#### Data records
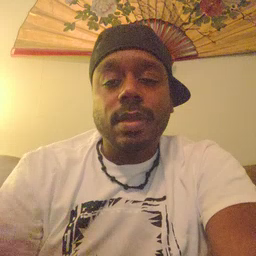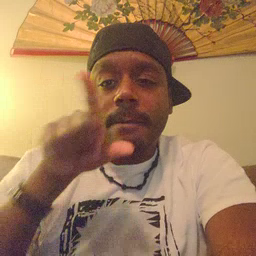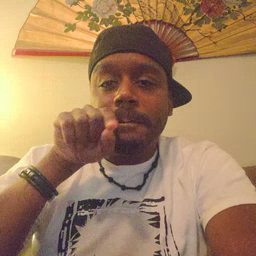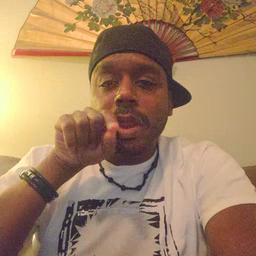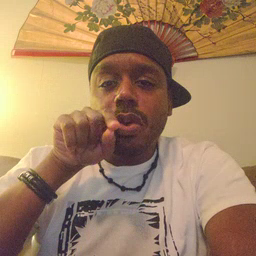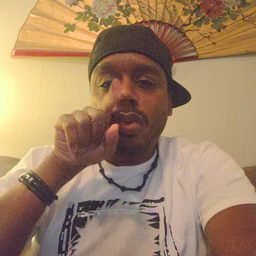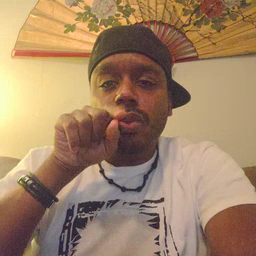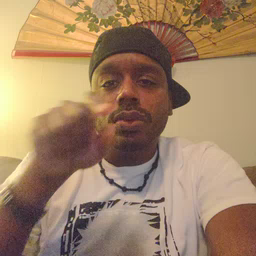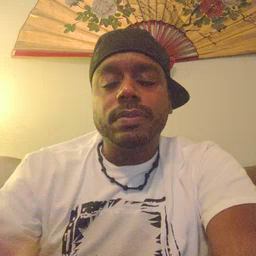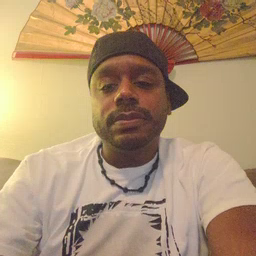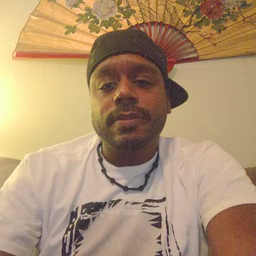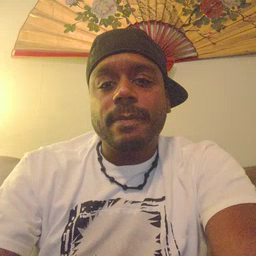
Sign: bird
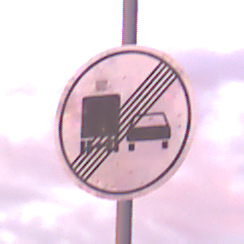
Verkehrszeichen: EndeUeberholverbotKraftfahrzeuge
Umgebung: Outdoor, Urban
Tageszeit: SunriseSunset
Wetter: PartlyCloudy
Licht: Natural
Jahreszeit: NotSpecified
Kontrast: MediumContrast
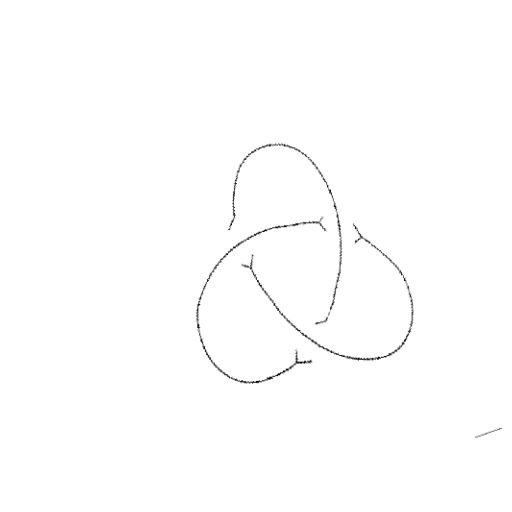
Crossing number: 3
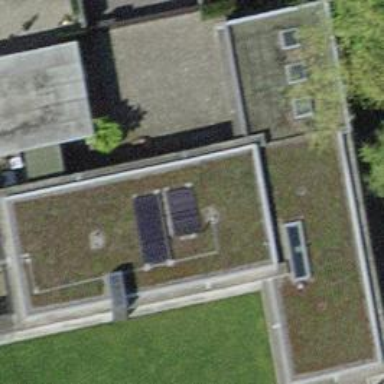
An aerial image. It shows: Terrace building.
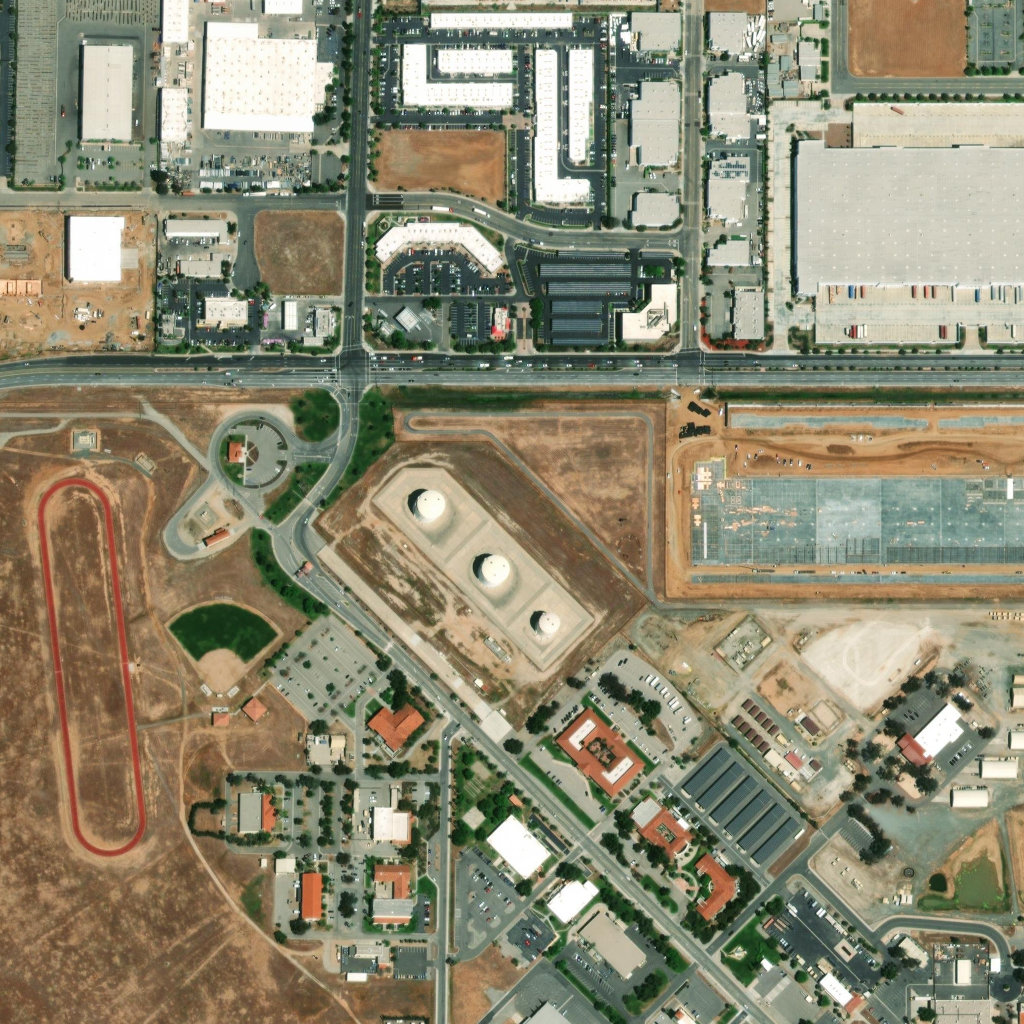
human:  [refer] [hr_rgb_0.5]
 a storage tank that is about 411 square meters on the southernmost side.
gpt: <box>[[52, 59, 55, 62, 0]]</box>
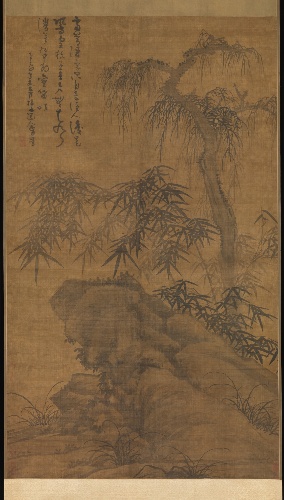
########
Problem details:
In copying the material, drop all pictures and keep everything else identical.

Result:
Sign: bird
Verkehrszeichen: EndeUeberholverbotKraftfahrzeuge
Umgebung: Outdoor, Urban
Tageszeit: SunriseSunset
Wetter: PartlyCloudy
Licht: Natural
Jahreszeit: NotSpecified
Kontrast: MediumContrast
Crossing number: 3
An aerial image. It shows: Terrace building.
human:  [refer] [hr_rgb_0.5]
 a storage tank that is about 411 square meters on the southernmost side.
gpt: <box>[[52, 59, 55, 62, 0]]</box>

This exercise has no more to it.